● **DESCRIPTION OF THE TASK**:
Say how many lines in the records contain the string "canals", giving the number by itself.
[Opening INFORMATION GIVEN section]
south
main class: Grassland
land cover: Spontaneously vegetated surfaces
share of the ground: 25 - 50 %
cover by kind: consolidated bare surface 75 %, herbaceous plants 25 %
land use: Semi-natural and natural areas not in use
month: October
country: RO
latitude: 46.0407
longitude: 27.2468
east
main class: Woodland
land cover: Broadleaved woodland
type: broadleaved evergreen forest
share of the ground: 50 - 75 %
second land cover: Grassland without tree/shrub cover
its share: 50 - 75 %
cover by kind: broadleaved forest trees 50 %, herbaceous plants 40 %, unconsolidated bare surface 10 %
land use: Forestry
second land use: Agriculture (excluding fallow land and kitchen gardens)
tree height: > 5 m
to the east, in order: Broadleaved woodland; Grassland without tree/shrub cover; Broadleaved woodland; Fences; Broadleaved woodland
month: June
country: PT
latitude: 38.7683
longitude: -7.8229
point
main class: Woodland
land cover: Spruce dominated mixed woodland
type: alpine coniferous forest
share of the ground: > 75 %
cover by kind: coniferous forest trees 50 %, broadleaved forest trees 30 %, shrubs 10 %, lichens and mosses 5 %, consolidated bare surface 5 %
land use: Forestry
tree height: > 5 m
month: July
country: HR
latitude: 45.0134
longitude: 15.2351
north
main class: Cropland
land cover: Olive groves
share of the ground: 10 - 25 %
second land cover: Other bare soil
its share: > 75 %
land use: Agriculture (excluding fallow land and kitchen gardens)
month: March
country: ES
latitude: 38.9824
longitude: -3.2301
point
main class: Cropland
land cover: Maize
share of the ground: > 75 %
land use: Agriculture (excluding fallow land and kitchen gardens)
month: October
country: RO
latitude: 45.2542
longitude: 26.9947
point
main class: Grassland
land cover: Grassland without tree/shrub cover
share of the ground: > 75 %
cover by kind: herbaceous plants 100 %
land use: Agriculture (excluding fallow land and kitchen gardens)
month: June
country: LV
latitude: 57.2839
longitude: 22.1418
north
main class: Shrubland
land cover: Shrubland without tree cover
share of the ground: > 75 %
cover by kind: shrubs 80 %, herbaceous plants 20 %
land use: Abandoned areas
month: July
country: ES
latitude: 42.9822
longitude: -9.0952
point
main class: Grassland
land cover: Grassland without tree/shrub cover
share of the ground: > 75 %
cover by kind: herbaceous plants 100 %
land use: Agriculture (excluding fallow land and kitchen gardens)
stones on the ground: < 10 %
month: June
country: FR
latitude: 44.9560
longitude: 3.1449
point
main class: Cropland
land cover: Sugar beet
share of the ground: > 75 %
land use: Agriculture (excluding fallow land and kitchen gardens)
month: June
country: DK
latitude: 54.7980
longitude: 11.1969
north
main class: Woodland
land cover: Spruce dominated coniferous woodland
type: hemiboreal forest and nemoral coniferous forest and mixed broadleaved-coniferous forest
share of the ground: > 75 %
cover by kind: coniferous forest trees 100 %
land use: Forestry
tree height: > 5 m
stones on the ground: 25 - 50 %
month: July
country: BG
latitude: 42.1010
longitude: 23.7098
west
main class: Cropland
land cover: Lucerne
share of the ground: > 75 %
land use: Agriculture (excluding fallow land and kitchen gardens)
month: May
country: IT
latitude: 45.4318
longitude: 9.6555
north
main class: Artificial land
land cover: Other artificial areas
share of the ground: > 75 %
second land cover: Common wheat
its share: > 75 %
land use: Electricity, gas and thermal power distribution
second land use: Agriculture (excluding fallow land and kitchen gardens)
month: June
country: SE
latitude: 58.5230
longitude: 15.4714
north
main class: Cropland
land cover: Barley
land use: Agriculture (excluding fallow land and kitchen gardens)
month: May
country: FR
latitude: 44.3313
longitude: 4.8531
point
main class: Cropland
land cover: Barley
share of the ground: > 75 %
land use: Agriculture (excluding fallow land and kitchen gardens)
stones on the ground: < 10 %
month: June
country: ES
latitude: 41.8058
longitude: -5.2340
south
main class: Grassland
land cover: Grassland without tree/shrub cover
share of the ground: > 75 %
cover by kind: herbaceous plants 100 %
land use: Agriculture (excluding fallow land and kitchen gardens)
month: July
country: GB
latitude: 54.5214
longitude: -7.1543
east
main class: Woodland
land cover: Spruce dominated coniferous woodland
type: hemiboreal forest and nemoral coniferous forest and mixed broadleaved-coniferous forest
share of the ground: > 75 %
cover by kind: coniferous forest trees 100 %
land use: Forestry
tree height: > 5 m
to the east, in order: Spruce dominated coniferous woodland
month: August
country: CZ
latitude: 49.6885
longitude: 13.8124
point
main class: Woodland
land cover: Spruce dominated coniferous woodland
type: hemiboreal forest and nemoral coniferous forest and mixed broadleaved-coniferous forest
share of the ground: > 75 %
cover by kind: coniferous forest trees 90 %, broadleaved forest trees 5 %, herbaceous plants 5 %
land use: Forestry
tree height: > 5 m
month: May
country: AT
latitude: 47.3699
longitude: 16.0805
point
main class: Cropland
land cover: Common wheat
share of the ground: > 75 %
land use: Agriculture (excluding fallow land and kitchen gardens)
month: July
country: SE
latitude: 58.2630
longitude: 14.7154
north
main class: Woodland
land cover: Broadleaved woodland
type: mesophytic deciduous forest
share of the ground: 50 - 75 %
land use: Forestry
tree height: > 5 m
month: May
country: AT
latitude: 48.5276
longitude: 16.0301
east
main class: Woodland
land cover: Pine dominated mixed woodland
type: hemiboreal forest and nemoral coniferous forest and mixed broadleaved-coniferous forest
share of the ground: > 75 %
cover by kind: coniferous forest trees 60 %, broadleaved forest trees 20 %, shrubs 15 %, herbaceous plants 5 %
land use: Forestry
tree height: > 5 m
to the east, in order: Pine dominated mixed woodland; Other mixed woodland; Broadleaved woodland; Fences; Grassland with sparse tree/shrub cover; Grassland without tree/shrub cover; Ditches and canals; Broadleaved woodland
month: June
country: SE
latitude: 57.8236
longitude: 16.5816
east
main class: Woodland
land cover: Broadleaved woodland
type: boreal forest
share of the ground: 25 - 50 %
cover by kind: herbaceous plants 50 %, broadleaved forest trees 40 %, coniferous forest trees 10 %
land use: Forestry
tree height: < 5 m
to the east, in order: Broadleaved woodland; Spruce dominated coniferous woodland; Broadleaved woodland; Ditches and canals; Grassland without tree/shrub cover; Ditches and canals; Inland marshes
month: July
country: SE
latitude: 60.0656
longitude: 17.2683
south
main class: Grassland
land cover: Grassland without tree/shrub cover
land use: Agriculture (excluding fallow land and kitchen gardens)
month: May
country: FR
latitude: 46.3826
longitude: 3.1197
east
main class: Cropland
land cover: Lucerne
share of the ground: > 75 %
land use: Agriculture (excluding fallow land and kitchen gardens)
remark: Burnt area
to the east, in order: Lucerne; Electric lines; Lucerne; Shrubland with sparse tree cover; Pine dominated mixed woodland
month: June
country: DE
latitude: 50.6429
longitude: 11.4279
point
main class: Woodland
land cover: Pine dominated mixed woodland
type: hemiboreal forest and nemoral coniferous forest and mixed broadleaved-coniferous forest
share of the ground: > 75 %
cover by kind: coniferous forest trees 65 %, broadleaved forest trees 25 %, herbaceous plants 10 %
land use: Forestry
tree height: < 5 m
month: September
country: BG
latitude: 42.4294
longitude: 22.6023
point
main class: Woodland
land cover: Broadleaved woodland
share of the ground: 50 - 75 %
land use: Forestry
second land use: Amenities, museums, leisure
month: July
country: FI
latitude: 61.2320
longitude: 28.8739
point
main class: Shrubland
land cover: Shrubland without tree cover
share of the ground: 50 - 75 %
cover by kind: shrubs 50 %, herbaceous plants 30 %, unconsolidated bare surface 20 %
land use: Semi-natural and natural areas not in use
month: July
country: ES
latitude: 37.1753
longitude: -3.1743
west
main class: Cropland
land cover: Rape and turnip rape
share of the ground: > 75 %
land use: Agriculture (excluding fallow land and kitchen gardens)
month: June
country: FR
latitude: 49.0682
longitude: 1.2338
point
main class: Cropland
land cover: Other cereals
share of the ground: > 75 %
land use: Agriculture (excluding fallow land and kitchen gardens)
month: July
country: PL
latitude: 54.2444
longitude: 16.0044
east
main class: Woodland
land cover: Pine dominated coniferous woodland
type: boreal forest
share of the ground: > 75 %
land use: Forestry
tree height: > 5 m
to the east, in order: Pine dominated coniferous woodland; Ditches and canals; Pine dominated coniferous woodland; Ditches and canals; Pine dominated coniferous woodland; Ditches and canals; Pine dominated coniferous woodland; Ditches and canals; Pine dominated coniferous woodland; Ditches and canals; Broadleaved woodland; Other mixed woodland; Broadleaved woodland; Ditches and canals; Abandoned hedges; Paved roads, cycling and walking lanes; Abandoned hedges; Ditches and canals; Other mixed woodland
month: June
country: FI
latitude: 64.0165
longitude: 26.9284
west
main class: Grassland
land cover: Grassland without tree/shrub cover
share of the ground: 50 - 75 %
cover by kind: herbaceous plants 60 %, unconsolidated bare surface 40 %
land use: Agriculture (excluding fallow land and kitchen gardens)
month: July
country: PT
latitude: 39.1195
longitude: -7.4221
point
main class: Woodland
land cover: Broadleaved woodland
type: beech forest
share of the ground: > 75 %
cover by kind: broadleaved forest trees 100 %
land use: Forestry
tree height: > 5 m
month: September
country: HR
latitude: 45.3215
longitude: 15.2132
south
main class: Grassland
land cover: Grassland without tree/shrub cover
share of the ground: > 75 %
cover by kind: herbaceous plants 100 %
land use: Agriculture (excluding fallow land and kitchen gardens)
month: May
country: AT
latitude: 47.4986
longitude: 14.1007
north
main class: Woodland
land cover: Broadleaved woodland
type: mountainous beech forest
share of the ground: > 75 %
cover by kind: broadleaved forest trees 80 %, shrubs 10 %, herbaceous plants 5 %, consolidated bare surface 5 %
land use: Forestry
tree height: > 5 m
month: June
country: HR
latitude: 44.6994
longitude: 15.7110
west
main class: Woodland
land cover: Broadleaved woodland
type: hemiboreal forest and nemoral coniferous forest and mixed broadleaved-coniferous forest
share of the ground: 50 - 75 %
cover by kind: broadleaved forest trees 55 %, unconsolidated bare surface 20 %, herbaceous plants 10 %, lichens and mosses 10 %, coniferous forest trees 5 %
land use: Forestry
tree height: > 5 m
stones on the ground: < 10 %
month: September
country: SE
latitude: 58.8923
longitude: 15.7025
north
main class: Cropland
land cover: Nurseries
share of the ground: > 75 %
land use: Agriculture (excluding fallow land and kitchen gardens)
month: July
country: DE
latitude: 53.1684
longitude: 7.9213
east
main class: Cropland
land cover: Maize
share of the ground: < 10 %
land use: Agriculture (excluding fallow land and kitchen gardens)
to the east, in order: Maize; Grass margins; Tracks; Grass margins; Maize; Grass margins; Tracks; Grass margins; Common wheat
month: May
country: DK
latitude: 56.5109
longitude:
[Closing INFORMATION GIVEN section]
● **ANSWER FOR THIS EXERCISE**:
3